В действительности ли в пресных водоемах становится меньше обитателей, почему это происходит и как сохранить природу для наших потомков? Об этом в интервью с Виктором Всеволодовичем Богатовым, академиком РАН, главным научным сотрудником Лаборатории пресноводной гидробиологии Федерального научного центра биоразнообразия наземной биоты Восточной Азии Дальневосточного отделения РАН, главным ученым секретарем ДВО РАН, известным специалистом в области речной гидробиологии, охраны природы и экологии пресноводных моллюсков.
‒ Что такое речные экосистемы, как они связаны и в чем их особенность?
Вопрос, конечно, очень важный – чтобы говорить о речных экосистемах надо иметь представление об их отличительных особенностях. Самое главное, что я бы сказал, это то, что эти экосистемы относятся к наиболее динамичным экосистемам земного шара. Более динамичных вы не увидите нигде. Даже если сравнивать с прибойными зонами на море, с экзотическими местами, в том числе вулканами. Самые динамичные – речные. Это определяет их особенности функционирования.
Они функционируют динамично прежде всего потому, что есть речной поток. Они существуют в условиях потока.
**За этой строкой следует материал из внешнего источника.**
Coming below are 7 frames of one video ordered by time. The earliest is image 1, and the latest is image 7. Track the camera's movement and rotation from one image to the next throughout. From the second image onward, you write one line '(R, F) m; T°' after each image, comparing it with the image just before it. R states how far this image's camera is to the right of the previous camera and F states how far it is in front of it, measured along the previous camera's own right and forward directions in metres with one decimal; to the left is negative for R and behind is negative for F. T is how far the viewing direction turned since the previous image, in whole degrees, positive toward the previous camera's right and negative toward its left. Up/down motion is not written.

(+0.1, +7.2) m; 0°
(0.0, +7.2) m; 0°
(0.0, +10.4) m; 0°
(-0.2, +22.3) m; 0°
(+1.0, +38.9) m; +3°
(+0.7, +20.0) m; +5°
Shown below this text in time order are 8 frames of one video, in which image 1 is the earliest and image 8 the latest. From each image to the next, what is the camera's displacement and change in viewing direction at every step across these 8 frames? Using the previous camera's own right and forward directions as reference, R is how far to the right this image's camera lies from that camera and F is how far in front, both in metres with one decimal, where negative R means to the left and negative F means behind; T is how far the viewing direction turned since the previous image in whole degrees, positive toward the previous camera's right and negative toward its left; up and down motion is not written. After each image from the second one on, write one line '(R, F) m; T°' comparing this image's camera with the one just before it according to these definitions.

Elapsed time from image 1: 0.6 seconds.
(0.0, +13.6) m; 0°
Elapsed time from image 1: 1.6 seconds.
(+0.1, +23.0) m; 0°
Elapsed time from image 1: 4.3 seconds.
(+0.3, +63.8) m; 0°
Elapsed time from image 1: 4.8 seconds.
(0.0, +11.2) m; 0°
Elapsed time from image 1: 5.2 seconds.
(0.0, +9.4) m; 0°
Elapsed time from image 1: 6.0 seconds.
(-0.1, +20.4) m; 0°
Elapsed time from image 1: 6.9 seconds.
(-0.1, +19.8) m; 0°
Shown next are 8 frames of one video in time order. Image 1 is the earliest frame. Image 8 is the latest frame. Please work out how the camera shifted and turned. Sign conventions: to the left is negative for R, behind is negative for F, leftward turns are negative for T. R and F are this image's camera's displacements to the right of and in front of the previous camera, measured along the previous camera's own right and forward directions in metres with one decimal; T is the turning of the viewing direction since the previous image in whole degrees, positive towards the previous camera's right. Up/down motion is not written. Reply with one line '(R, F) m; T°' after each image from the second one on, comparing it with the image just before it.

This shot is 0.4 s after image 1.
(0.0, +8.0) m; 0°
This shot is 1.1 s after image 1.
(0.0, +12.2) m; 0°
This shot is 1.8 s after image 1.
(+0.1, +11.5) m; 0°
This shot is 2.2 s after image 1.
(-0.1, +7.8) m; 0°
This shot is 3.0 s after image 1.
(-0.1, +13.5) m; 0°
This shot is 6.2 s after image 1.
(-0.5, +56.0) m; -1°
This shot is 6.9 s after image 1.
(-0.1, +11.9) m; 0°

Это самое главное, потому что поток с одной стороны обеспечивает транспорт питательных веществ с разных точек речной системы, с другой стороны через него проявляются всевозможные гидрологические "неприятности", такие как паводки, засуха, транспорт, может быть, какие-то загрязняющие вещества и так далее.
Посмотрим на типичную реку Российской Федерации от истока до ее устья. В истоке маленький ручеек во многих местах, не обязательно в горах, как на Дальнем Востоке, закрыт пологом деревьев, там имеется затенение. И далее, когда происходит листовой опад, он в гигантских количествах скапливается в этой речной и ручьевой системах. Этот листовой опад надо кому-то перерабатывать. Для этого есть "измельчители", "разрушители", которые этот листовой опад поедают. В первую очередь к ним относят ракообразных типа Arthropoda (Членистоногие), каких-то личинок насекомых, например, веснянок, и так далее.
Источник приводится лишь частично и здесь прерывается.